Calculating Area and Circumference of a Circle

Example 1. Find the area of the circle. Use \( \frac{22}{7} \) for \( \pi \).

Solution:

Estimate \( 3\times 8^2=3\times 64=192 \)

The area of the circle, \( A=\pi r^2 \)

                                        \( =\frac{22}{7}\times 8^2 \)    (Substitute \( \frac{22}{7} \) for \( \pi \)  and 8 for ‘r’)

                                        \( =\frac{22}{7}\times 64 \)    (Evaluate \( 8^2 \) and divide out the common factor)

                                        \( =201.14 \)      (Multiply)

The area is about 201 square centimeters. It’s reasonable compared to the estimated value of \(192 \sim 201.14 \).

Example 2. Find the area of the circle. Use 3.14 for \( \pi \).

Solution:

Estimate \( 3\times 14^2=3\times 196=588 \)

The radius is \( \frac{22}{8}=14 \) inches.

The area of the circle, \( A=\pi r^2 \)

                                        \( =3.14\times 14^2 \)    (Substitute 3.14 for \( \pi \)  and 14 for ‘r’)

                                        \( =3.14\times 196 \)    (Evaluate \( 14^2 \) and divide out the common factor)

                                        \( =615.44 \)           (Multiply)
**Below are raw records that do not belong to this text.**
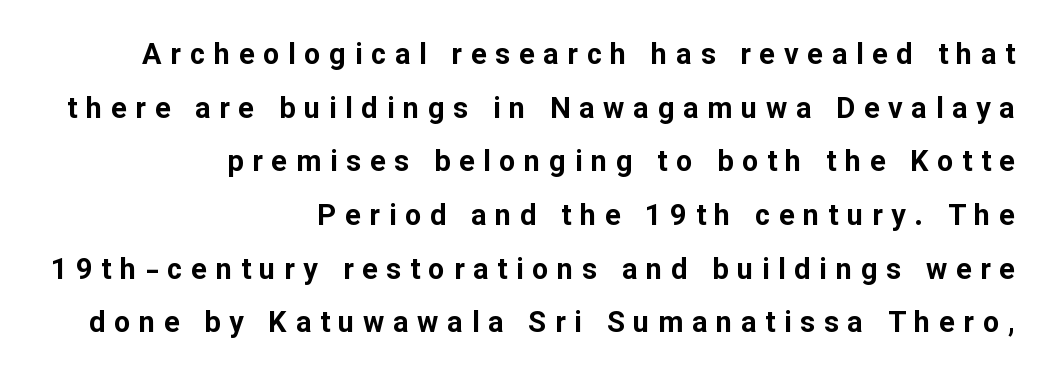
{"serif": "no", "italic": "no", "bold": "yes", "weight": "bold", "width": "normal", "stroke_contrast": "low", "x_height": "medium", "monospaced": "no", "underline": "no", "align": "right", "line_spacing_ratio": 1.85, "letter_spacing": "wide", "letter_spacing_em": 0.3, "glyph_px": 29}
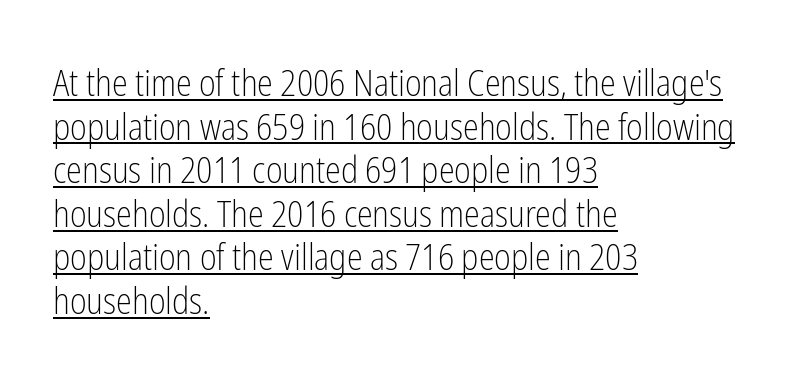
Q: Is the text bold? A: No.
Q: Is the text italic (slanted)? A: No, it is upright.
Q: Is the typeface a serif or a sans-serif typeface? A: Sans-serif.
Q: Is the text underlined? A: Yes.
Q: How is the paragraph aligned? A: Left-aligned.
Q: Is the spacing between letters normal or unusually wide? A: Normal.
Q: Width (condensed, normal, or wide)? A: Condensed.
Q: Stroke contrast? A: Low.
Q: x-height? A: Medium.
Q: Monospaced? A: No.
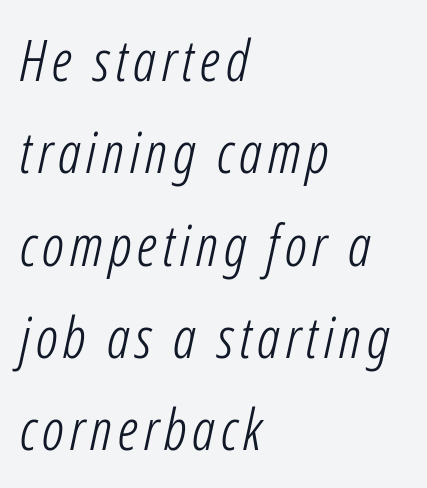
Clear beneath every line of the passage. This is not heavy type; no bold has been used. These lines stack with their left ends in a neat column. Whoever set this chose a conventional vertical rhythm. The letters advance in unequal steps, a hallmark of proportional type. The face used here has a pronounced slope to its letters.
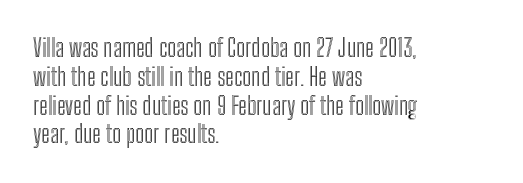
{"italic": "no", "underline": "no", "align": "left", "line_spacing_ratio": 1.2, "letter_spacing": "normal", "letter_spacing_em": 0.0, "glyph_px": 24}
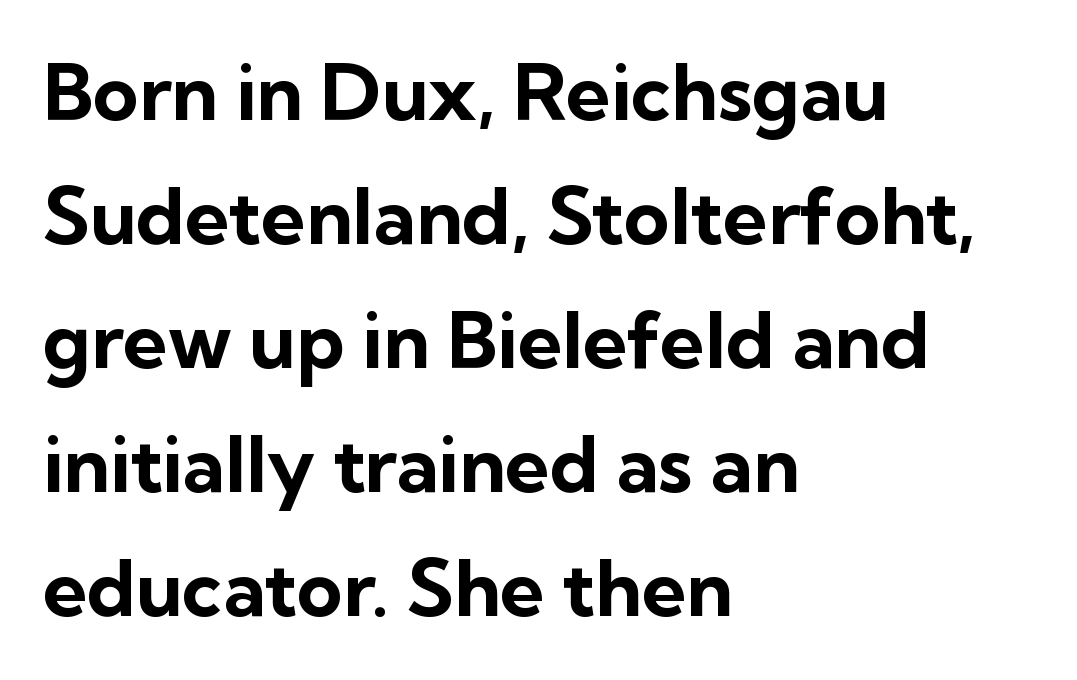
Style check: upright. The font family rendered here belongs to the sans-serif group. The rendering keeps characters at their native spacing. The specimen omits any rule beneath the text block's lines. Typeset ragged right — the left edge is the straight one.

The area is about 615 square centimeters. It’s reasonable compared with the estimated value \(588 \sim 615.44 \).

Example 3. Find the area of a semicircle? From the given figure:

Solution:

The area of the semicircle is one-half the area of a circle with a diameter of 40 feet. The radius of the circle is \( \frac{40}{2}=20 \) feet.

\( \frac{A}{2}=\frac{\pi r^2}{2} \)                (Divided the area by 2)

     \( =\frac{3.14\times 20\times 20}{2} \)     (Substitute 3.14 for \( \pi \)  and 20 for ‘r’)

     \( =\frac{3.14\times 400}{2} \)         (Evaluate 20 square)

     \( =628 \)                (Simplified)

So, the area of the semicircle is about 628 square feet.